Stored data entries
☆ ☆ ☆ ☆

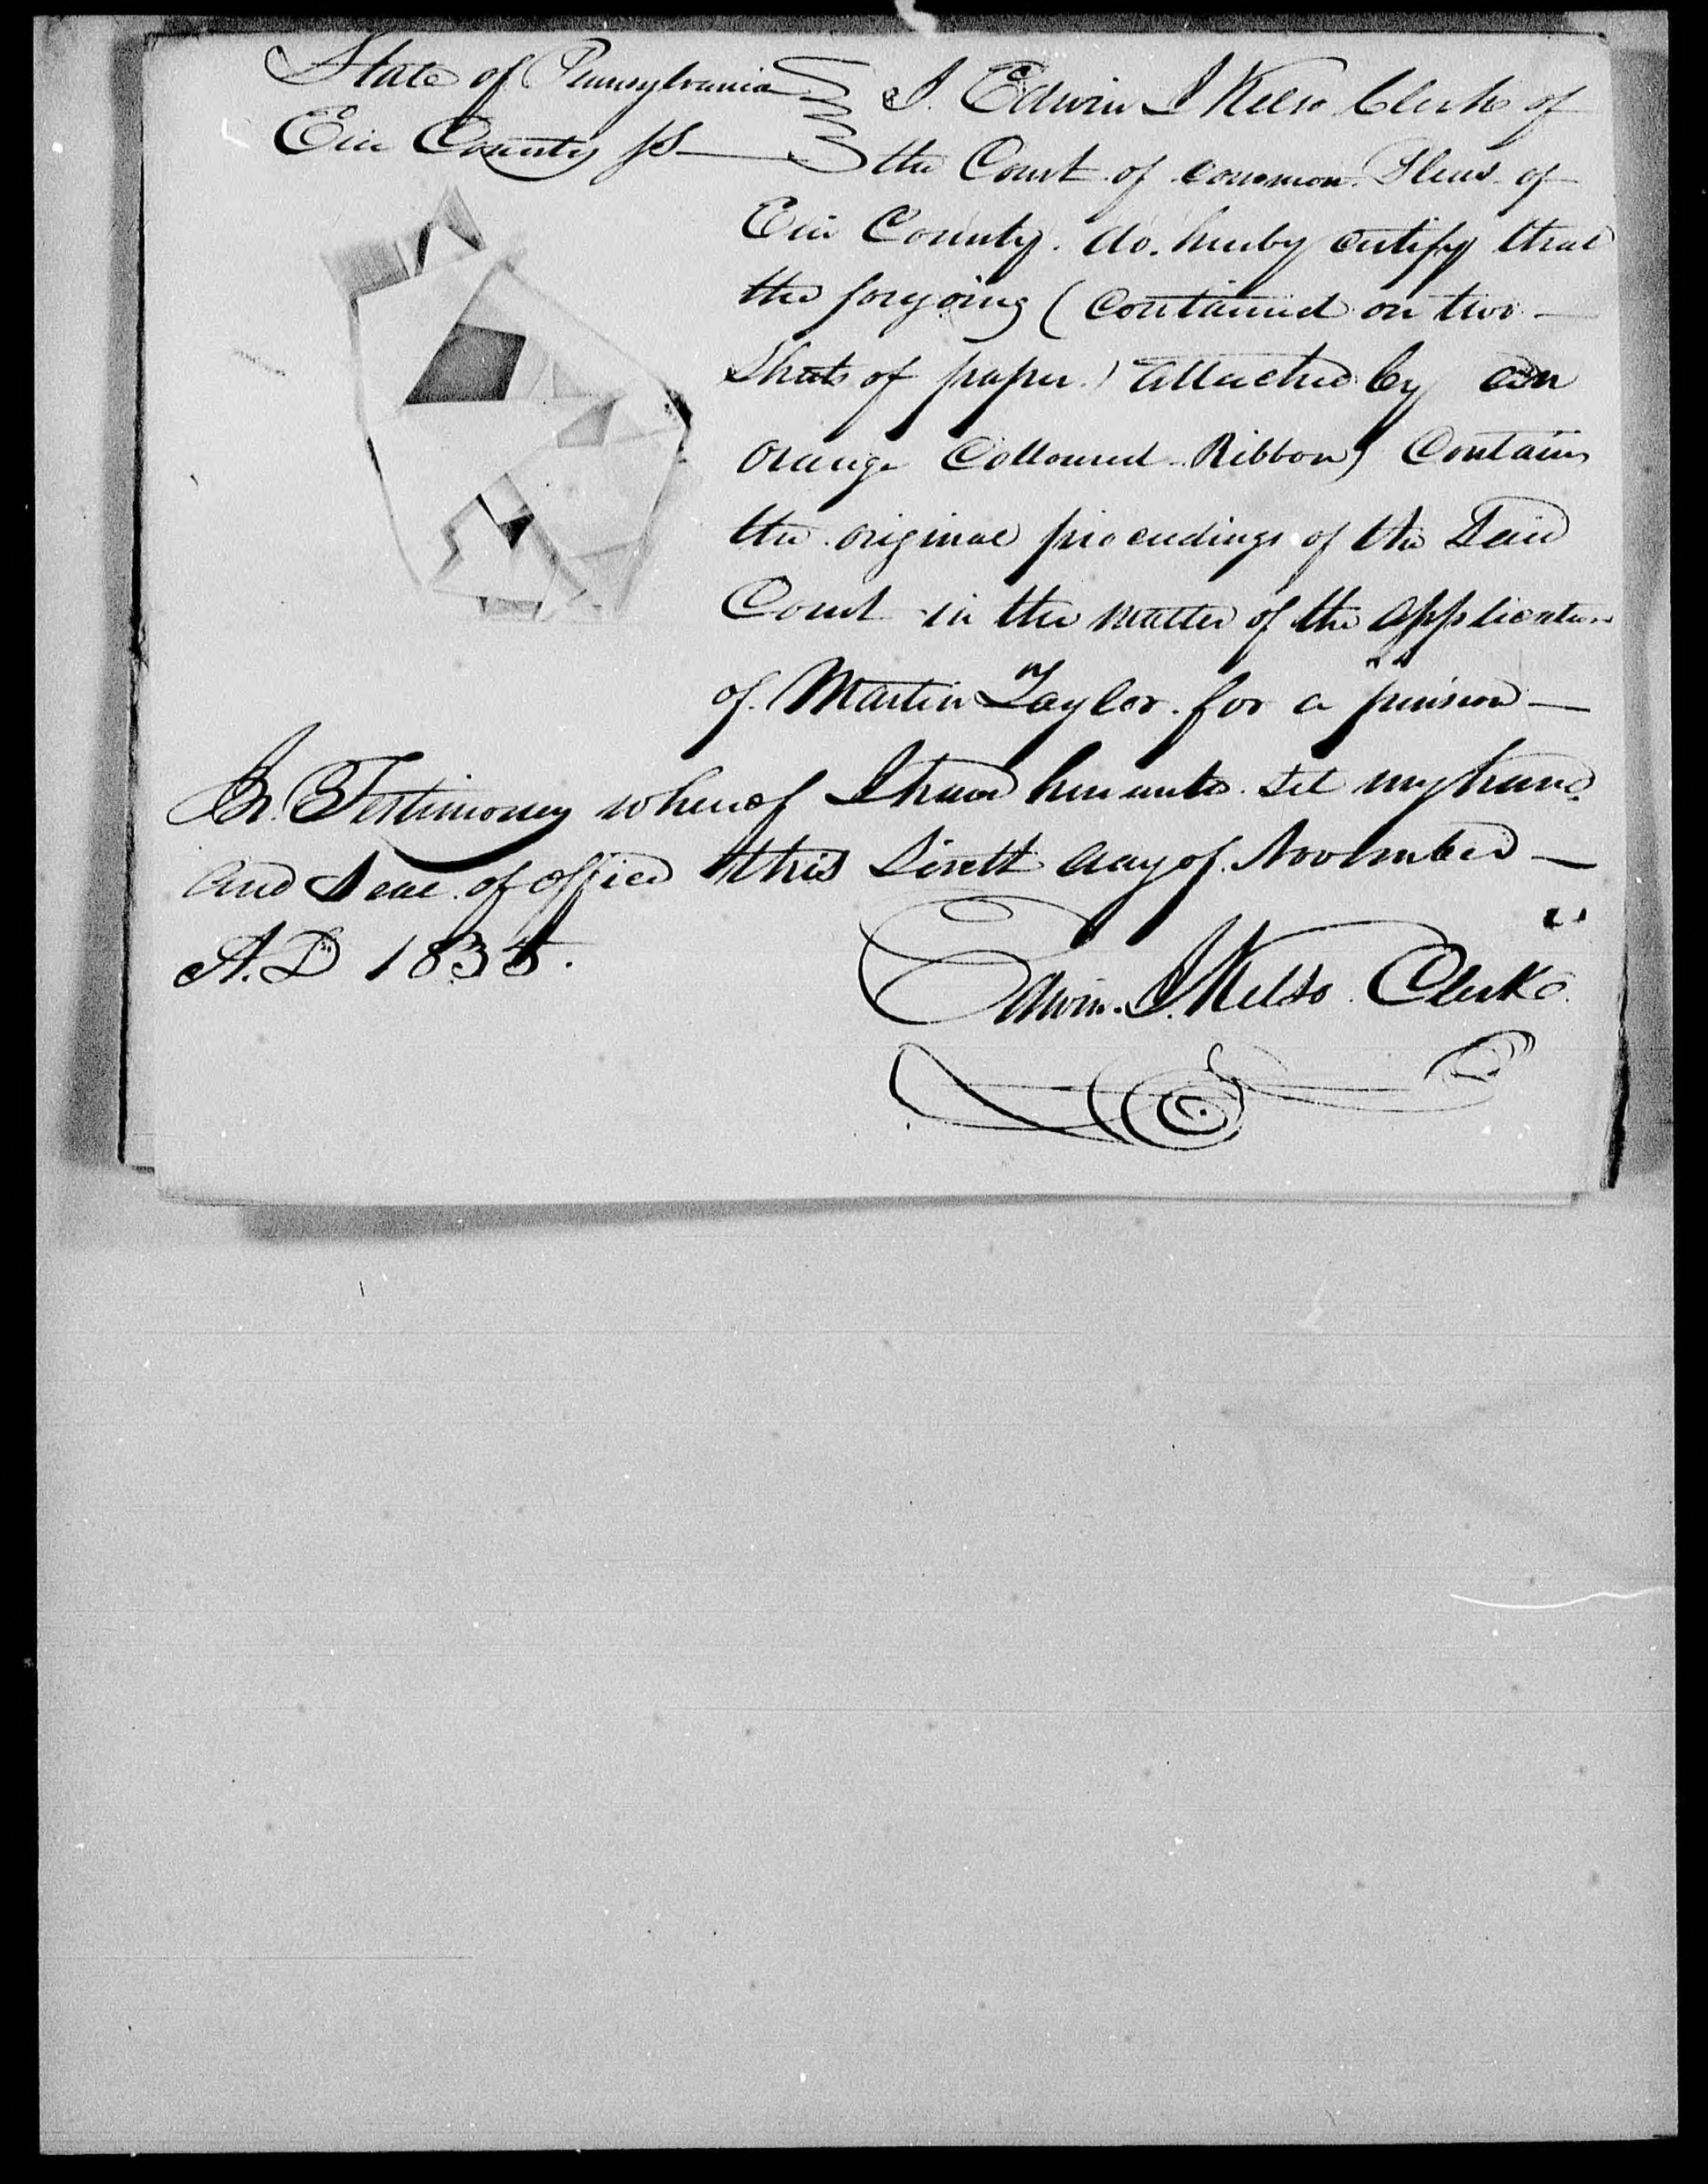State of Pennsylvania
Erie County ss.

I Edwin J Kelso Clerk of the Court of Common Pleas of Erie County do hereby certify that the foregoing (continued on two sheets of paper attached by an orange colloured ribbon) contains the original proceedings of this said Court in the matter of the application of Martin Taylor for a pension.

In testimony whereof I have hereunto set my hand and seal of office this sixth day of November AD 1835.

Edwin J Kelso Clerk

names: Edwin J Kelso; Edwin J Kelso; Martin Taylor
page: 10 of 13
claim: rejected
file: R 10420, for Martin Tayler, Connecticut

☆ ☆ ☆ ☆

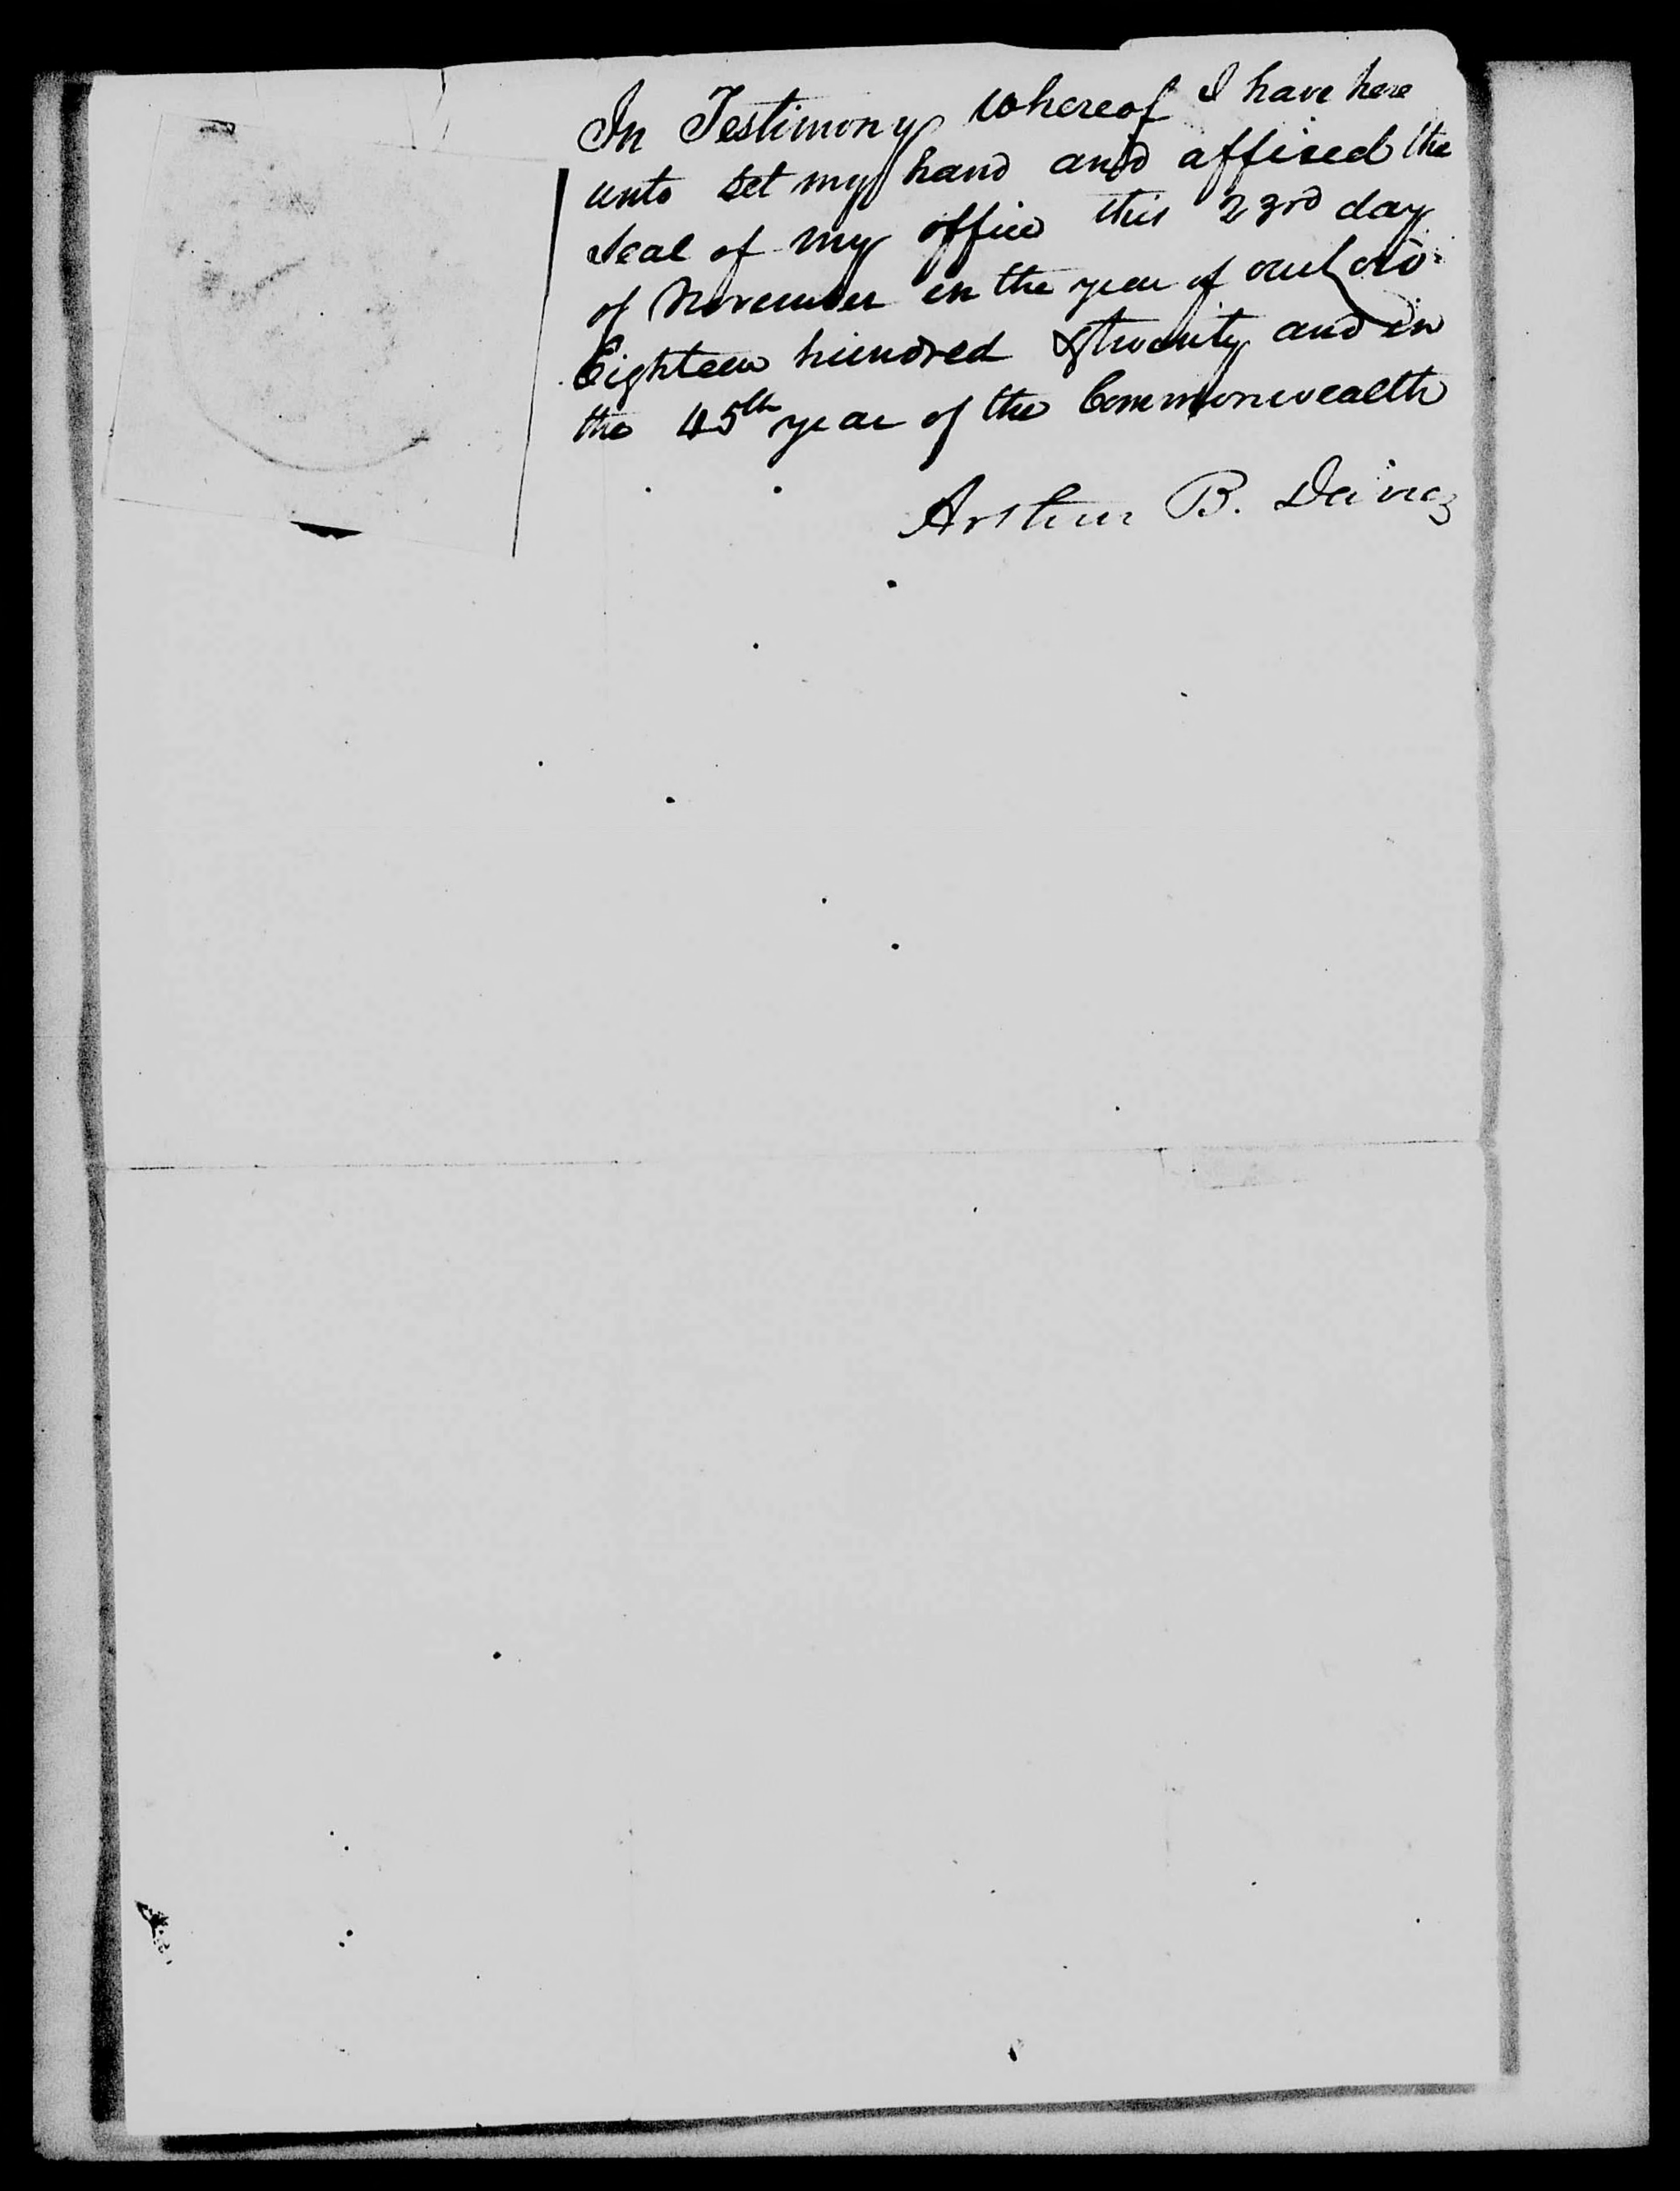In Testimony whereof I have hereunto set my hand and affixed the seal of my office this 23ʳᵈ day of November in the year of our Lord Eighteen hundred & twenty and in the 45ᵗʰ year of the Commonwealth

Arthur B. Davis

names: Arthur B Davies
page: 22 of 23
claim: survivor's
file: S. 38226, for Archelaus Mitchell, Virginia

☆ ☆ ☆ ☆

What the exercise asks:
Copy exactly the stretch of data above from the line with "I Edwin J Kelso" through the line with "file: R 10420, for Martin Tayler, Connecticut", and omit all other lines.

Your response:
I Edwin J Kelso Clerk of the Court of Common Pleas of Erie County do hereby certify that the foregoing (continued on two sheets of paper attached by an orange colloured ribbon) contains the original proceedings of this said Court in the matter of the application of Martin Taylor for a pension.

In testimony whereof I have hereunto set my hand and seal of office this sixth day of November AD 1835.

Edwin J Kelso Clerk

names: Edwin J Kelso; Edwin J Kelso; Martin Taylor
page: 10 of 13
claim: rejected
file: R 10420, for Martin Tayler, Connecticut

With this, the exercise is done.